Résumé
Donna Haraway, philosophe, primatologue et féministe, a bousculé les sciences sociales et la philosophie contemporaine en tissant des liens aventureux entre théorie et fiction. Elle s’est fait connaître à partir des années 1980 par un travail sur l’identité qui, rompant avec les tendances dominantes, œuvrait à subvertir l’hégémonie de la vision masculine sur la nature et la science. L’auteure du “Manifeste Cyborg” est aussi une incroyable conteuse qui dépeint dans ses livres des univers fabuleux peuplés d’espèces transfuturistes. Le réalisateur Fabrizio Terranova a rencontré Donna Haraway chez elle en Californie. À partir de discussions complices sur ses recherches et sa pensée foisonnante, il a construit un portrait cinématographique singulier, mêlant récits, images d’archives et fabulation dans la forêt californienne.
L'avis de Tënk
Tout est dans le titre : "Histoire(s) pour la survie terrestre" ! Rien de moins. Il faut à l’espèce humaine des récits nouveaux qui non seulement s’opposent aux discours déclinistes mais élargissent le spectre des expériences possibles ! Compagnons domestiques, microbiote, plantes, aliens, tous les existants peuvent et doivent être associés à ces nouvelles configurations de vies à inventer. C’est un véritable appel à l’insurrection que défend Haraway (alors qu’une méduse glisse dans son dos) : "il reste un tout petit peu de temps, pas beaucoup, pour nous révolter. Il faut se mobiliser pour certains mondes, et contre d’autres."

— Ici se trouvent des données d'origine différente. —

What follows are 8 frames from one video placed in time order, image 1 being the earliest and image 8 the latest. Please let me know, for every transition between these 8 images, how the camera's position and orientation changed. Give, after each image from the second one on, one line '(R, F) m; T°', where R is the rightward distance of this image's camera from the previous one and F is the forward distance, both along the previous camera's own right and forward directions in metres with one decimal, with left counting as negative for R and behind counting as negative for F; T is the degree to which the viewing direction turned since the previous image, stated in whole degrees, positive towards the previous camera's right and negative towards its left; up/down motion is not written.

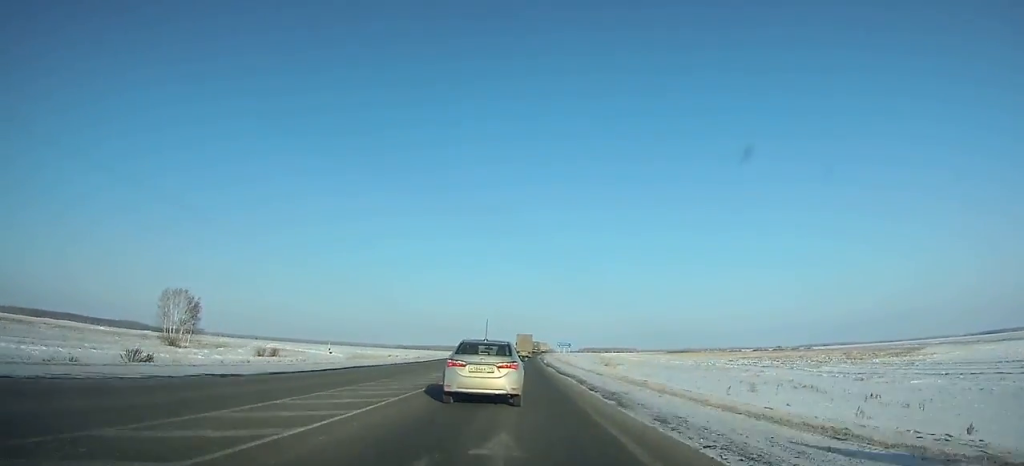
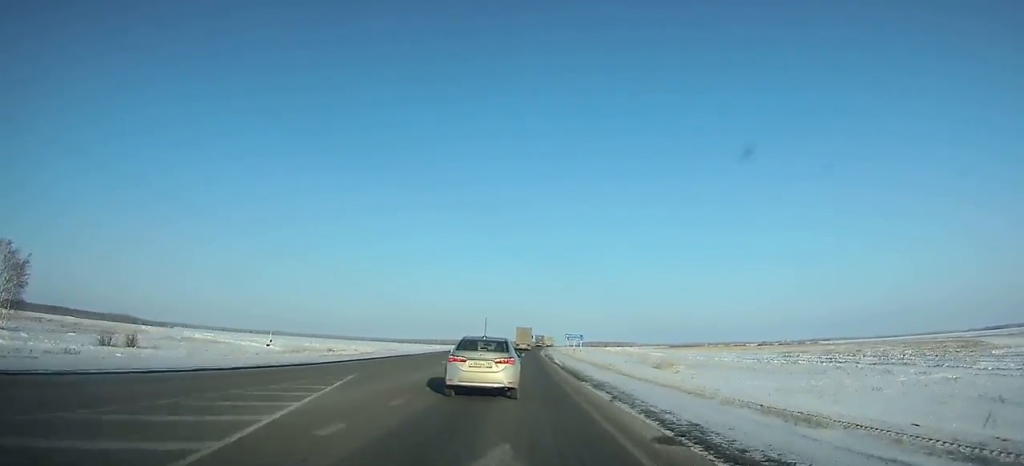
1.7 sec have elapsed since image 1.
(+0.1, +31.6) m; +1°
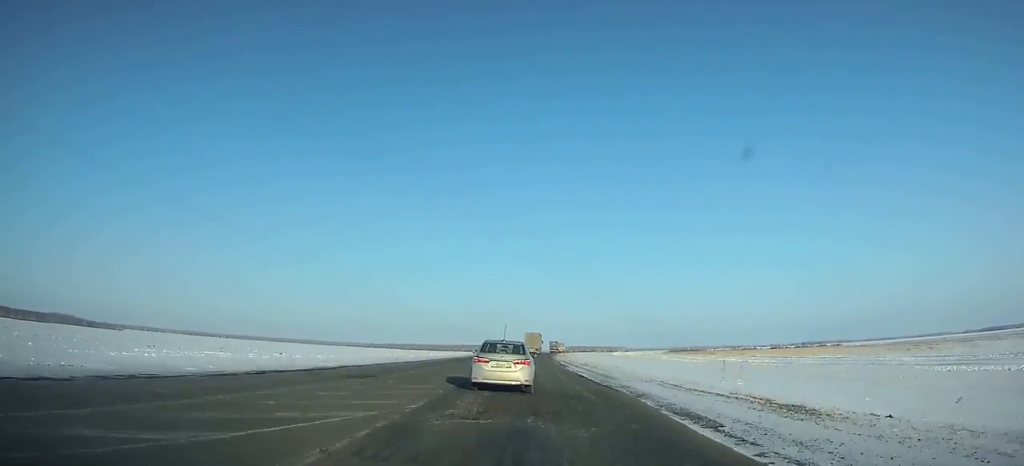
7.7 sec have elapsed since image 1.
(+2.2, +111.2) m; +2°
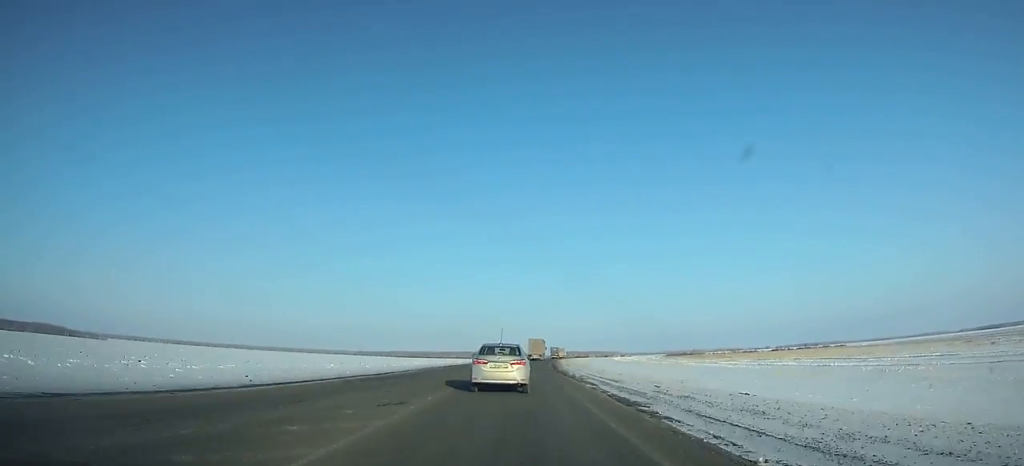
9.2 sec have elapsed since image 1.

Le film épouse cette radicalité en nous plongeant dans un monde incertain, plein d’un mystère cosmique et de paradoxes visuels – dessinant un univers où les frontières entre réalité et (science-)fiction seraient plus poreuses et l’énergie de la pensée moins contrainte par les catégories imposées.
Electrisé par la drôlerie et la vivacité de sa protagoniste, le film est à la fois le contrepoint et l’antidote – subversif, généreux, dérangeant, en un mot vivant – de la pensée réactionnaire et débilitante qui colonise nos ondes.